WHAT NEEDS TO BE DONE | A verbatim reproduction of the lines below, from the line containing "Wiemy tylko, że" through the line containing "und es werden", both ends included, is the whole required output.

-- RECORDS FOR THE TASK follows --

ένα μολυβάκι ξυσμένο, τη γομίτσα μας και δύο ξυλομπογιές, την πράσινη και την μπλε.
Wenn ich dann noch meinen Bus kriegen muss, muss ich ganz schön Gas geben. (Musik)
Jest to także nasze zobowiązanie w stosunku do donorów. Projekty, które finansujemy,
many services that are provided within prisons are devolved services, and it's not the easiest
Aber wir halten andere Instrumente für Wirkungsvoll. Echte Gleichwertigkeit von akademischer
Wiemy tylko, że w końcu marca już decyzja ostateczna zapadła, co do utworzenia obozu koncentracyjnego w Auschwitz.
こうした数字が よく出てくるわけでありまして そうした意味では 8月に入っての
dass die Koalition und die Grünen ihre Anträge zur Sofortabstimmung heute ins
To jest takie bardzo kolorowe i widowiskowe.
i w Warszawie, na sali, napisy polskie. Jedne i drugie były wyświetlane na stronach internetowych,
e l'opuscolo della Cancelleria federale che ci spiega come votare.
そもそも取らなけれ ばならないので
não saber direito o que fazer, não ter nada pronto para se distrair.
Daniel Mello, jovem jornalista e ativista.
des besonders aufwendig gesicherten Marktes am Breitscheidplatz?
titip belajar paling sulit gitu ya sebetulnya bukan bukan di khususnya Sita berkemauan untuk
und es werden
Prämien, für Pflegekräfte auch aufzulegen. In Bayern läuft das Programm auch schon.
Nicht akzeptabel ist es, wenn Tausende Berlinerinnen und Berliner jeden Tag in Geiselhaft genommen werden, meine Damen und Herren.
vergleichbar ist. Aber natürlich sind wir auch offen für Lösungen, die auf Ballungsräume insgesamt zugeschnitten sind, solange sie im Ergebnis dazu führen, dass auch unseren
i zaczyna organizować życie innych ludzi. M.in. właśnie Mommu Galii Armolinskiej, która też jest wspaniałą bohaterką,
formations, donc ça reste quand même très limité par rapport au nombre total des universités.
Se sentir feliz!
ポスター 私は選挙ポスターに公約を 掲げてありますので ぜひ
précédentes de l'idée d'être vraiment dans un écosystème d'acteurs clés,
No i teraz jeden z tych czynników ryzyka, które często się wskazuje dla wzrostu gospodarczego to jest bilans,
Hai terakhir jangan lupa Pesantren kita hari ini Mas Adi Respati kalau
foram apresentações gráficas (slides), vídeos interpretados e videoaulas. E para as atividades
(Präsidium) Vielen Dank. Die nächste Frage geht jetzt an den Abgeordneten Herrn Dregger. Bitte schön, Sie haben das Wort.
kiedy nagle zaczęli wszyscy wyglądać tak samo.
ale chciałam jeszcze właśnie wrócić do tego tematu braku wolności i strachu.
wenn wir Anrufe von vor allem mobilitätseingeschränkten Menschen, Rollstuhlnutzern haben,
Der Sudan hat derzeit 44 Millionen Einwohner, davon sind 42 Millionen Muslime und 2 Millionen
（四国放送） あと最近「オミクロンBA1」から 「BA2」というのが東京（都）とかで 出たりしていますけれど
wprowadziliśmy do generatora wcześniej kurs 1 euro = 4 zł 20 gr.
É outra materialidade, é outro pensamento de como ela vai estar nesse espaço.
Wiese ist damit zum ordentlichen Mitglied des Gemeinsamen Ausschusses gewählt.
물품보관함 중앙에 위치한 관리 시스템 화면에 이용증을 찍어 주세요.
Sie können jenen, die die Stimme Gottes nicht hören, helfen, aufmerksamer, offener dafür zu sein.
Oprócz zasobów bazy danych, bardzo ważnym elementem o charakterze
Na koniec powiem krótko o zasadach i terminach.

-- RECORDS FOR THE TASK concluded --

OUTPUT OF THE TASK |
Wiemy tylko, że w końcu marca już decyzja ostateczna zapadła, co do utworzenia obozu koncentracyjnego w Auschwitz.
こうした数字が よく出てくるわけでありまして そうした意味では 8月に入っての
dass die Koalition und die Grünen ihre Anträge zur Sofortabstimmung heute ins
To jest takie bardzo kolorowe i widowiskowe.
i w Warszawie, na sali, napisy polskie. Jedne i drugie były wyświetlane na stronach internetowych,
e l'opuscolo della Cancelleria federale che ci spiega come votare.
そもそも取らなけれ ばならないので
não saber direito o que fazer, não ter nada pronto para se distrair.
Daniel Mello, jovem jornalista e ativista.
des besonders aufwendig gesicherten Marktes am Breitscheidplatz?
titip belajar paling sulit gitu ya sebetulnya bukan bukan di khususnya Sita berkemauan untuk
und es werden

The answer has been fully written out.